Looking Backward Into the Present

Using the Popular Culture of the Past to Help Answer Perplexing Questions in the Present

A Pilgrimage to the Tomb of Chef Boyardee

 When I tell people that Chef Boyardee started his multi-million dollar spaghetti-in-a-can business empire in Cleveland, the reaction I usually get is: “Chef Boyardee was a real person?”

Unlike fictional product icons such as Betty Crocker, Aunt Jemima and Mrs. Butterworth, who were invented for marketing purposes, Chef Boyardee, whose real name was Hector Boiardi, was indeed an actual person.

Born in Italy in 1897, Boiardi came to America with the assistance of his brother, who worked in the hotel business.

According to foodreference.com, Boiardi was a hit in the American kitchen from the very start:

Three years later [after coming to Cleveland] he opened his own restaurant, Il Giardino d’Italia, where his spaghetti sauce was so popular, he was soon selling it in milk bottles for his customers to take home. He was soon producing the sauce in an adjacent building, expanded to include dry pasta and packets of cheese to go with the sauce.
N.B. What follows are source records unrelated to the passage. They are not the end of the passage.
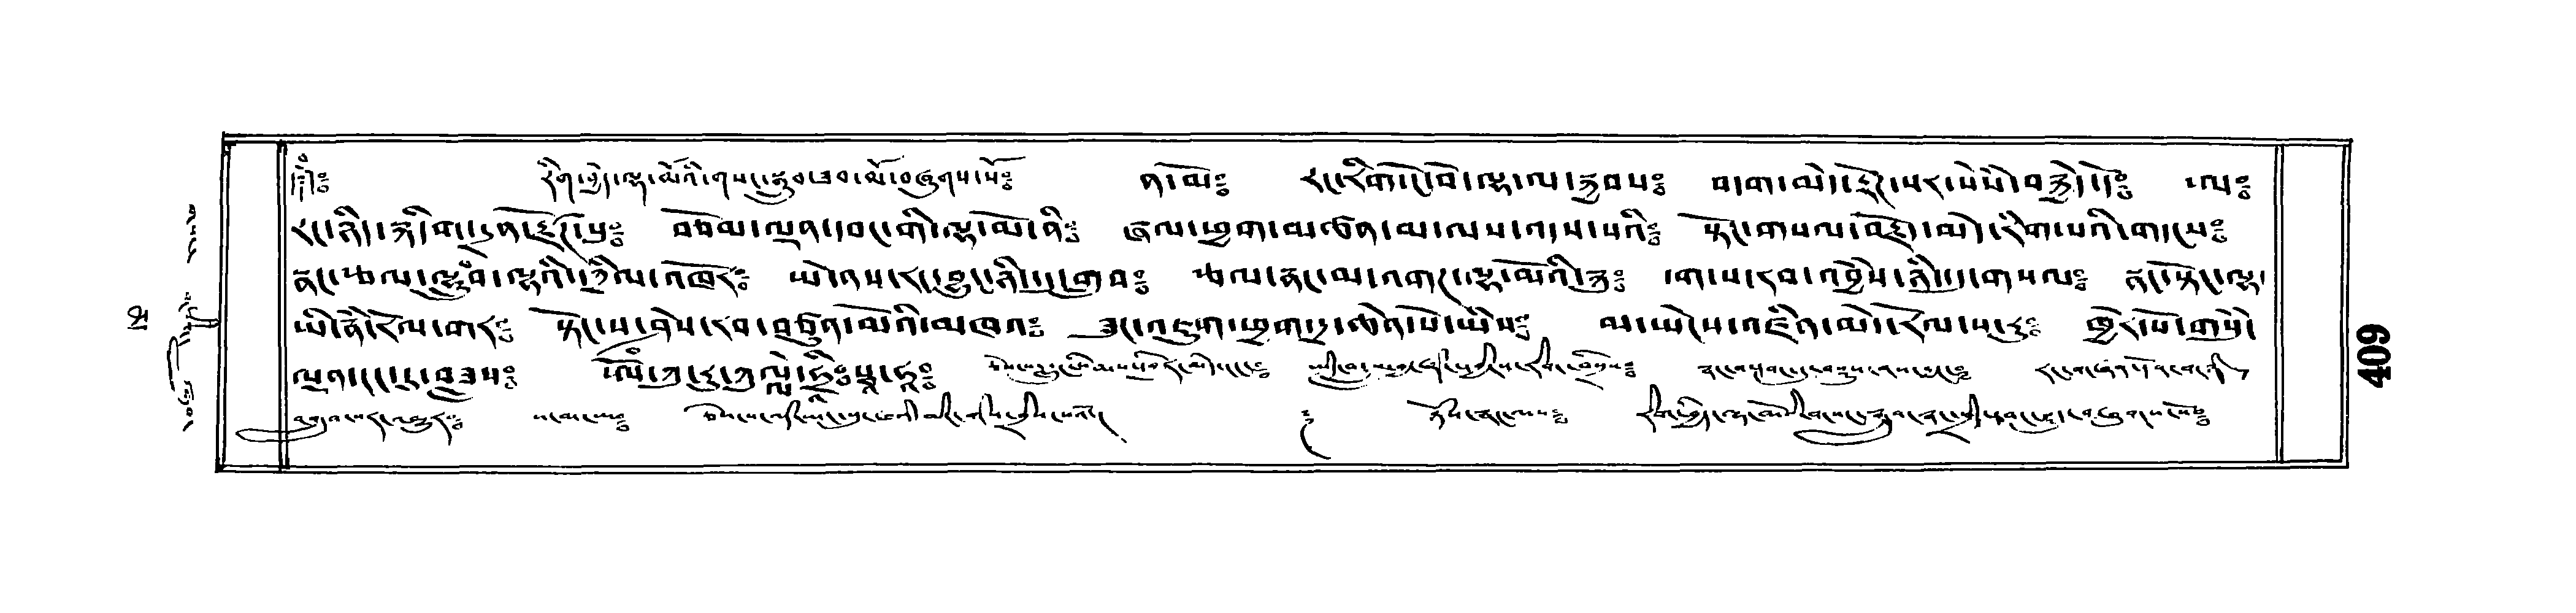རིག་བྱེད་ལྷ་མོའི་གསང་སྒྲུབ་ཟབ་མོ་བཞུགས་སོ༔ ན་མོ༔ རང་རིག་ངོ་བོ་ལྷ་ལ་སྐྱབས༔ བདག་མེད་རྟོགས་པར་སེམས་བསྐྱེད་དོ༔ ཨཱཿ 
རང་ཉིད་སྐད་ཅིག་དྲན་རྫོགས་སུ༔ བཅོམ་ལྡན་དབང་གི་ལྷ་མོ་ནི༔ ཞལ་ཕྱག་མཚན་མ་ལས་འདས་པའི༔ སྟོང་གསལ་བརྗོད་མེད་རིག་པའི་གདངས༔ 
སྣང་རྩལ་ལྷུན་གྲུབ་ལྷའི་དཀྱིལ་འཁོར༔ ཡེ་ནས་རང་བྱུང་ཉིད་དུ་གྲུབ༔ རྩལ་སྣང་མ་འགགས་ལྷ་མོའི་སྐུ༔ དག་པ་རབ་འབྱམས་ཉིད་དུ་གསལ༔ སྣང་སྟོང་ལྷ་
ཡི་རྣམ་རོལ་གར༔ སྟོང་པ་ཤེས་རབ་བཙུན་མོའི་མཁའ༔ ཟུང་འཇུག་ཕྱག་རྒྱ་ཆེན་པོ་ཡིས༔ མ་ཡེངས་འཛིན་མེད་རོལ་པ་རུ༔ ཁྱེར་སོ་གསུམ་
ལྡན་ངང་དུ་བཟླས༔ ཨོཾ་ཀུ་རུ་ཀུལླེ་ཧྲཱིཿསྭཱ་ཧཱཿ ཅེས་པ་རླུང་སེམས་དབྱེར་མེད་ངང༔ ཡིད་བཟླས་བྱ་ཞིང་དབྱིངས་རིག་བསྲེས༔ སྣང་བ་དབང་དུ་བསྡུས་ནས་ཀྱང༔ རང་གཞན་དོན་གཉིས་
འགྲུབ་པར་འགྱུར༔ ས་མ་ཡ༔ ཅེས་པ་འདི་ཡང་སུ་ཁའི་མིང་གིས་བྲིས་པའོ།། ༈ ཉམས་སྣང་ལས༔ རིག་བྱེད་ལྷ་མོའི་གསང་སྒྲུབ་སྣང་སྲིད་དབང་སྡུད་བཞུགས་སོ༔

Donna Gabbacia, author of We Are What We Eat, adds further insight:

He decided to can and distribute his sauce, initially packaging it with dry spaghetti and a packet of grated cheese, through his own business Chef Boiardi Food Products Company. Boiardi changed the name of his company (and its product) to Boyardee in the 1930s, mainly to ease pronunciation by non-Italians, as he sought a regional, cross-over market of multi-ethnic consumers. By the late 1930s, Boiardi was successfully selling canned spaghetti to A&P stores and reaching a national market. Boiardi even became a supplier to the U.S. army during World War II, further building a taste for Chef Boyardee among returning GIs.

Boiardi eventually sold his company to a large conglomerate that turned his idea into a multi-billion dollar business that is today owned by Con/Agra. He died in Parma, Ohio in 1985, an icon of American processed food and Italian-American pop culture.

It was the latter that inspired me to make a pilgrimage to his final resting place in order to pay homage. Since he died in Parma, I assumed that he was interred in a Parma-area cemetery. But after careful research, I discovered that he was in fact interred in a Cleveland suburb on the completely opposite side of town in Chardon’s All Souls Cemetery.

Enlisting a friend, we both set out on a countryside excursion in search of the Boiardi mausoleum. After finding our way through several winding roads in the middle of nowhere, we arrived at All Souls Cemetery.

Since we knew it was a mausoleum, we thought that it would stand out in a sea of grave markers and thus be easy to locate.  However, we soon discovered that was not the case.  We had to ask for directions.  Fortunately I had jotted down the cemetery office number on a post-it note just in case. 

Phone call to the staff office: “Good afternoon.  Can you please tell me where Chef Boyardee is interred?”

“One moment,” she replied, “Lot 23 in the Crucifixion Mausoleum under the name Hector Boiardi.”


The grave marker of Chef Boyardee

And so my friend and I made our way to the mausoleum and there he was, placed beside his wife, Helen. After a brief moment of silence and some personal reflection on the legacy of Chef Boyardee, my friend and I said arrivederci to the man, the mausoleum and All Souls. Both of us knowing that we would never look at a can of spaghetti and meatballs in quite the same way ever again.



  Judy wrote @

My husband was born in 1939 in Cleveland. He was brought up on Chef Boyardee and even after we were married I couldn’t get him to eat any other kind of spaghetti sauce for years. Finally he discovered the good homemade stuff and Chef Boyardee faded into oblivion. Our family rejoiced! I always belittled Chef Boyardee but now, thanks to you, he has regained some respect in my eyes. Now I’m wondering if my husband’s family ever went to his restaurant as fellow residents of Cleveland–even living in later years on the east side in Willoughby Hills, apparently not far from where he is buried.
Now, how about investigating another Cleveland specialty: the chocolate chip ice cream from Euclid Race. Best chocolate chip ever, but long gone from the scene. Would love to find the recipe.

  backwardpresent wrote @

That is a great story! Thanks for sharing. I’m not sure about the chocolate chips at Euclid Race, but I will tell you that I am endlessly fascinated with the Rocket Car, which was taken from a ride at the old Euclid Beach Amusement Park

  josh wrote @

I started to learn to cook at age 8 using the Chef Boiardi spaghetti dinner in the ad. It took me 20 years to perfect my own meat sauce, but it’s a happy memory.